His relief that she was fine was short lived, though. Her 'eye' burning with the radiance of a sun and sending all of the collected energy back at him, multiplied several times by her own unique ability.
He was falling and there was no time to correct his position. Eve raised her arms in a wheel and returned all of it. A collected mass of compressed mana greater than any spell he'd ever felt, lancing through the sky in a dense beam of energy straight towards his face. All of his waste and backwash taken advantage of and redirected with an efficiency beyond man. Wondering again whether or not his body could regenerate from nothing if even his bones were made dust.
Waiting patiently for the lance to strike him, he knew there was no time to move, it all happened so fast. A perfect counter similar to what Lucian was capable of but so very different. He knew she was growing stronger through punishment, but this was a bit much. Lucian simply returned damage, multiplied by his own strength. A factor of 1 to 8 makes 9, additive with the factor present in him reflected back.

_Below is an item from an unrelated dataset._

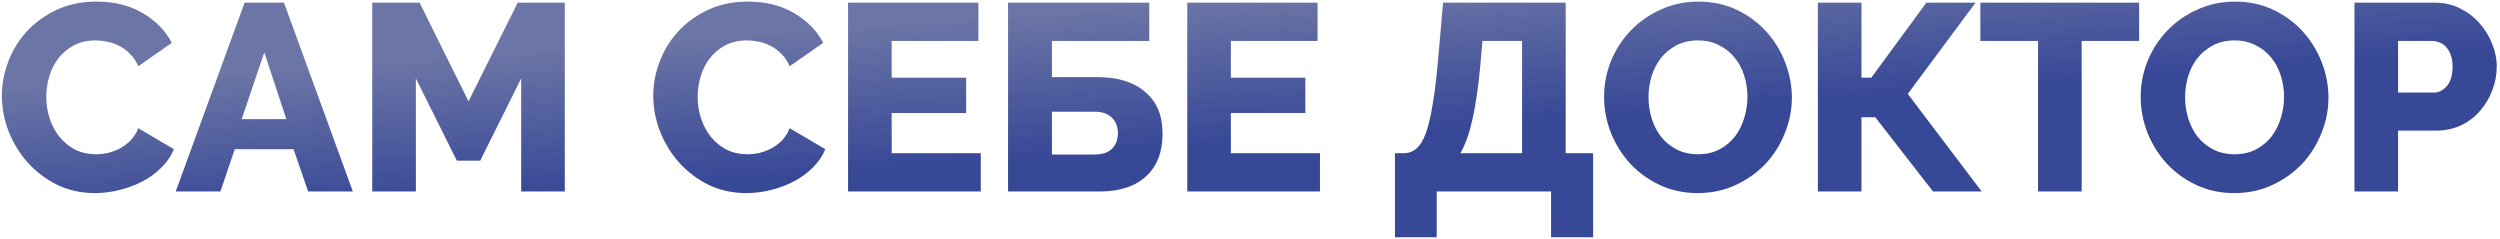 <?xml version="1.0" encoding="UTF-8"?> <svg xmlns="http://www.w3.org/2000/svg" width="470" height="45" viewBox="0 0 470 45" fill="none"> <path d="M0.35 17.95C0.35 15.817 0.75 13.7 1.55 11.6C2.35 9.467 3.517 7.567 5.05 5.9C6.583 4.233 8.45 2.883 10.65 1.85C12.85 0.817 15.35 0.3 18.15 0.3C21.483 0.3 24.367 1.017 26.8 2.45C29.267 3.883 31.1 5.75 32.3 8.05L26 12.45C25.6 11.517 25.083 10.75 24.45 10.15C23.85 9.517 23.183 9.017 22.45 8.65C21.717 8.25 20.967 7.983 20.2 7.85C19.433 7.683 18.683 7.6 17.95 7.6C16.383 7.6 15.017 7.917 13.85 8.55C12.683 9.183 11.717 10 10.95 11C10.183 12 9.617 13.133 9.25 14.4C8.883 15.667 8.7 16.95 8.7 18.25C8.7 19.65 8.917 21 9.35 22.3C9.783 23.6 10.4 24.75 11.2 25.75C12.033 26.75 13.017 27.55 14.15 28.15C15.317 28.717 16.617 29 18.05 29C18.783 29 19.533 28.917 20.3 28.75C21.1 28.55 21.85 28.267 22.55 27.9C23.283 27.5 23.95 27 24.55 26.4C25.15 25.767 25.633 25 26 24.1L32.7 28.05C32.167 29.35 31.367 30.517 30.3 31.55C29.267 32.583 28.067 33.45 26.7 34.15C25.333 34.85 23.883 35.383 22.35 35.75C20.817 36.117 19.317 36.3 17.85 36.3C15.283 36.3 12.917 35.783 10.75 34.75C8.617 33.683 6.767 32.283 5.2 30.55C3.667 28.817 2.467 26.85 1.6 24.65C0.767 22.45 0.35 20.217 0.35 17.95ZM45.986 0.5H53.386L66.335 36H57.935L55.185 28.05H44.136L41.435 36H33.035L45.986 0.5ZM53.836 22.4L49.685 9.85L45.435 22.4H53.836ZM97.982 36V14.75L90.282 30.2H85.882L78.182 14.75V36H69.982V0.5H78.882L88.082 19.05L97.332 0.5H106.182V36H97.982ZM122.811 17.95C122.811 15.817 123.211 13.7 124.011 11.6C124.811 9.467 125.978 7.567 127.511 5.9C129.044 4.233 130.911 2.883 133.111 1.85C135.311 0.817 137.811 0.3 140.611 0.3C143.944 0.3 146.828 1.017 149.261 2.45C151.728 3.883 153.561 5.75 154.761 8.05L148.461 12.45C148.061 11.517 147.544 10.75 146.911 10.15C146.311 9.517 145.644 9.017 144.911 8.65C144.178 8.25 143.428 7.983 142.661 7.85C141.894 7.683 141.144 7.6 140.411 7.6C138.844 7.6 137.478 7.917 136.311 8.55C135.144 9.183 134.178 10 133.411 11C132.644 12 132.078 13.133 131.711 14.4C131.344 15.667 131.161 16.95 131.161 18.25C131.161 19.65 131.378 21 131.811 22.3C132.244 23.6 132.861 24.75 133.661 25.75C134.494 26.75 135.478 27.55 136.611 28.15C137.778 28.717 139.078 29 140.511 29C141.244 29 141.994 28.917 142.761 28.75C143.561 28.55 144.311 28.267 145.011 27.9C145.744 27.5 146.411 27 147.011 26.4C147.611 25.767 148.094 25 148.461 24.1L155.161 28.05C154.628 29.35 153.828 30.517 152.761 31.55C151.728 32.583 150.528 33.45 149.161 34.15C147.794 34.85 146.344 35.383 144.811 35.75C143.278 36.117 141.778 36.3 140.311 36.3C137.744 36.3 135.378 35.783 133.211 34.75C131.078 33.683 129.228 32.283 127.661 30.55C126.128 28.817 124.928 26.85 124.061 24.65C123.228 22.45 122.811 20.217 122.811 17.95ZM184.385 28.8V36H159.435V0.5H183.935V7.7H167.635V14.6H181.635V21.25H167.635V28.8H184.385ZM189.513 0.5H216.063V7.7H197.763V14.5H206.363C210.196 14.5 213.18 15.433 215.313 17.3C217.48 19.133 218.563 21.733 218.563 25.1C218.563 28.567 217.53 31.25 215.463 33.15C213.396 35.05 210.48 36 206.713 36H189.513V0.5ZM205.763 29.05C207.196 29.05 208.28 28.7 209.013 28C209.78 27.267 210.163 26.267 210.163 25C210.163 23.833 209.796 22.883 209.063 22.15C208.33 21.383 207.23 21 205.763 21H197.763V29.05H205.763ZM248.154 28.8V36H223.204V0.5H247.704V7.7H231.404V14.6H245.404V21.25H231.404V28.8H248.154ZM262.252 28.8H263.902C264.802 28.8 265.586 28.517 266.252 27.95C266.952 27.383 267.552 26.417 268.052 25.05C268.552 23.683 268.986 21.85 269.352 19.55C269.752 17.217 270.102 14.267 270.402 10.7L271.302 0.5H294.352V28.8H299.502V44.6H291.602V36H270.102V44.6H262.252V28.8ZM286.152 28.8V7.7H278.702L278.252 12.8C277.886 16.667 277.402 19.9 276.802 22.5C276.236 25.1 275.486 27.2 274.552 28.8H286.152ZM319.171 36.3C316.537 36.3 314.137 35.783 311.971 34.75C309.804 33.717 307.954 32.367 306.421 30.7C304.887 29 303.687 27.067 302.821 24.9C301.987 22.733 301.571 20.5 301.571 18.2C301.571 15.867 302.004 13.617 302.871 11.45C303.771 9.283 305.004 7.383 306.571 5.75C308.171 4.083 310.054 2.767 312.221 1.8C314.387 0.8 316.754 0.3 319.321 0.3C321.954 0.3 324.354 0.817 326.521 1.85C328.687 2.883 330.537 4.25 332.071 5.95C333.604 7.65 334.787 9.583 335.621 11.75C336.454 13.917 336.871 16.117 336.871 18.35C336.871 20.683 336.421 22.933 335.521 25.1C334.654 27.267 333.437 29.183 331.871 30.85C330.304 32.483 328.437 33.8 326.271 34.8C324.104 35.8 321.737 36.3 319.171 36.3ZM309.921 18.3C309.921 19.667 310.121 21 310.521 22.3C310.921 23.567 311.504 24.7 312.271 25.7C313.071 26.7 314.054 27.5 315.221 28.1C316.387 28.7 317.721 29 319.221 29C320.787 29 322.154 28.683 323.321 28.05C324.487 27.417 325.454 26.6 326.221 25.6C326.987 24.567 327.554 23.417 327.921 22.15C328.321 20.85 328.521 19.533 328.521 18.2C328.521 16.833 328.321 15.517 327.921 14.25C327.521 12.95 326.921 11.817 326.121 10.85C325.321 9.85 324.337 9.067 323.171 8.5C322.037 7.9 320.721 7.6 319.221 7.6C317.654 7.6 316.287 7.917 315.121 8.55C313.987 9.15 313.021 9.95 312.221 10.95C311.454 11.95 310.871 13.1 310.471 14.4C310.104 15.667 309.921 16.967 309.921 18.3ZM349.959 14.6H351.809L362.159 0.5H371.409L358.659 17.65L372.559 36H363.409L352.559 22.05H349.959V36H341.759V0.5H349.959V14.6ZM402.155 7.7H391.355V36H383.155V7.7H372.305V0.5H402.155V7.7ZM420.05 36.3C417.416 36.3 415.016 35.783 412.85 34.75C410.683 33.717 408.833 32.367 407.3 30.7C405.766 29 404.566 27.067 403.7 24.9C402.866 22.733 402.45 20.5 402.45 18.2C402.45 15.867 402.883 13.617 403.75 11.45C404.65 9.283 405.883 7.383 407.45 5.75C409.05 4.083 410.933 2.767 413.1 1.8C415.266 0.8 417.633 0.3 420.2 0.3C422.833 0.3 425.233 0.817 427.4 1.85C429.566 2.883 431.416 4.25 432.95 5.95C434.483 7.65 435.666 9.583 436.5 11.75C437.333 13.917 437.75 16.117 437.75 18.35C437.75 20.683 437.3 22.933 436.4 25.1C435.533 27.267 434.316 29.183 432.75 30.85C431.183 32.483 429.316 33.8 427.15 34.8C424.983 35.8 422.616 36.3 420.05 36.3ZM410.8 18.3C410.8 19.667 411 21 411.4 22.3C411.8 23.567 412.383 24.7 413.15 25.7C413.95 26.7 414.933 27.5 416.1 28.1C417.266 28.7 418.6 29 420.1 29C421.666 29 423.033 28.683 424.2 28.05C425.366 27.417 426.333 26.6 427.1 25.6C427.866 24.567 428.433 23.417 428.8 22.15C429.2 20.85 429.4 19.533 429.4 18.2C429.4 16.833 429.2 15.517 428.8 14.25C428.4 12.95 427.8 11.817 427 10.85C426.2 9.85 425.216 9.067 424.05 8.5C422.916 7.9 421.6 7.6 420.1 7.6C418.533 7.6 417.166 7.917 416 8.55C414.866 9.15 413.9 9.95 413.1 10.95C412.333 11.95 411.75 13.1 411.35 14.4C410.983 15.667 410.8 16.967 410.8 18.3ZM442.638 36V0.5H457.788C459.488 0.5 461.038 0.85 462.438 1.55C463.871 2.25 465.088 3.167 466.088 4.3C467.121 5.433 467.921 6.717 468.488 8.15C469.088 9.583 469.388 11.033 469.388 12.5C469.388 14.067 469.105 15.567 468.538 17C468.005 18.433 467.238 19.717 466.238 20.85C465.271 21.983 464.088 22.883 462.688 23.55C461.288 24.217 459.738 24.55 458.038 24.55H450.838V36H442.638ZM450.838 17.4H457.538C458.505 17.4 459.338 16.983 460.038 16.15C460.738 15.317 461.088 14.1 461.088 12.5C461.088 11.667 460.971 10.95 460.738 10.35C460.538 9.75 460.255 9.25 459.888 8.85C459.521 8.45 459.105 8.167 458.638 8C458.171 7.8 457.705 7.7 457.238 7.7H450.838V17.4Z" fill="url(#paint0_linear_37_6)"></path> <defs> <linearGradient id="paint0_linear_37_6" x1="249.5" y1="25.5" x2="247.5" y2="-1.5" gradientUnits="userSpaceOnUse"> <stop stop-color="#374897"></stop> <stop offset="1" stop-color="#6B75A6"></stop> </linearGradient> </defs> </svg>

It made sense, a saint was strong and an equal exchange of force was something supported by basic math, but what Eve had done had no such regulation to it.
She'd taken more from him than he'd given, and 'created' energy of her own, not manifesting it.
Multiplicative. Insane and impossible.
It wasn't that she was stronger than Lucian, not even close, even an alfen was no match for a saint. Saints were the slayers of leviathans, with force that could exterminate cities. Despite that, she managed to multiply the energy by at least a factor of eight times. Improbable because Eve was by no means eight times stronger than Tyr. They were roughly matched in terms of the energies that lay within them that would facilitate this kind of emission. Waiting for the end, for oblivion, and he smiled at the face of the void as it howled at him, inching closer as time seemed to still.
An old friend, she'd taken of him and that lance seemed to be made of everything that comprised his truest self.